In the foreword to Architecture Journal
3, I
wrote the following:
Abstraction is the architect’s key tool for dealing with complexity.
We’ve seen the evolution of architectural abstractions techniques such
as models and patterns; however, we have yet to realize much in the
way of measurable value from them. Models and patterns are useful for
communicating effectively with our peers, but so far they haven’t
helped drastically reduce the amount of resources it takes to build
and operate a system. In order to continue to deal with increasing
complexity, we need to get much more pragmatic about using abstraction
to solve problems.
Because the lack of measurable value to date, the IT industry at large
has come to view models at best as “pretty pictures” and at worst as a
pointless waste of time and resources. But the reality is, we use models
in the IT industry all the time. I don’t know what you’re favorite
modeling tool it, but my current favorite is C#. Before that was VB and
before that was C++. I realize some of my readers might be more partial
to Java, Ruby, or even Assembly. But the reality is: all of these
so-called “higher level” programming languages are simply models of the
CPU execution environment.
The only code that the CPU can understand is machine code. But nobody
wants to write and debug all their code using 0’s and 1’s. So we move up
a level of abstraction and use a language that humans can read more
easily and that can be automatically translated (i.e. compiled) into
machine code the CPU can execute. The simplest step above machine code
is assembly language. But ASM isn’t particularly productive so work
with, so the industry has continuously raised the level of abstraction
in the languages they use. C is a higher level of abstraction than ASM,
adding concepts like types and functions. C++ is a higher level of
abstraction than C, adding concepts like classes and inheritance. Each
of these levels of abstraction presents a new model of the execution
environment with new features that make programming more productive (and
sometimes more
portable).
Different languages offer different models of the execution environment.

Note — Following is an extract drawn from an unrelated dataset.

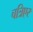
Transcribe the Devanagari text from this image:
चत्रिएर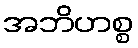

For example, the Ruby model of the execution environment allows for the
manipulation of class instances while the C++ model allows for multiple
inheritance. This isn’t to say one is better than the other – they are
just different.
In the past decade, we’ve seen the rise in popularity of VM based
programming environments – primarily Java and CLR. In these
environments, there are multiple models at work. CLR languages and Java
are models above the underling VM execution environment. The VM
execution environment is, in turn, a model of the physical execution
environment. As an example, a C#/Java program is translated into
IL/bytecode at compile time and then from IL/bytecode to machine code at
runtime. So in these VMs, two model translations have to occur in order
to go from programming language to machine code. It turns out that this
multiple step translation approach is also useful in non-VM
environments. For example, the original C++ compiler output vanilla C
code which was, in turn, compiled with a vanilla C compiler. C# and
Java use a similar approach, except that the second translation occurs
at runtime, not compile time.
So if Code is Model, what can we learn from looking at the success of
mainstream text-based programming languages to help us in the
development of higher abstraction modeling languages that are actually
useful. This isn’t an exhaustive list, but here are a few things
(tenets?) I’ve thought of:
- Models must be Precise
There must be no ambiguity in the meaning of the elements in a
model. In C#, every statement and keyword has an exact well-defined
meaning. There is never a question as to what any given piece of C#
code means. There may be context-sensitive meanings, such as how the
keyword “using” has different meanings in C# depending on where it
is used. If you don’t have a similar level of precision in your
model, there’s no way to transform it to lower abstraction models in
a deterministic fashion. Models that can’t be transformed into lower
abstraction models are nothing more than pretty pictures – perhaps
useful for communication with other people on the project, but
useless as development artifacts.
- Model Transformation must be Deterministic
By definition (or at least by convention), models are at a higher
level of abstraction than both your execution domain and mainstream
programming languages – perhaps significantly higher. In order to
derive value from a model, you must be able to transform it into the
execution domain. Like the C# to IL to machine code example, the
model transformation may comprise multiple steps. But each
transformation between models must be as precise as the models
themselves. When you compile a given piece of C# code, you get the
same IL output every time. However, this transformation can vary
across target models. For example, when you run a managed app on a
x86 machine you get different machine code than if you ran it on an
x64 machine.
- Models must be Intrinsic to the Development Process
Even if you have precise models and deterministic transformations,
you have to make them first class citizens of the development
process or they will become outdated quickly. How often have you
blueprinted your classes with UML at the start of the project, only
to have that class diagram be horribly out of date by the end of the
project? In order to keep models up to date, they must be used
through-out the development process. If you need to make a change,
make the change to the model and then retransform into the execution
domain. Think of C# and IL – do we use C# as a blueprint,
transform once to IL and then hand edit the IL? No! We change the
C# directly and retransform into IL. We need to have the same
process even as we move into higher levels of abstraction.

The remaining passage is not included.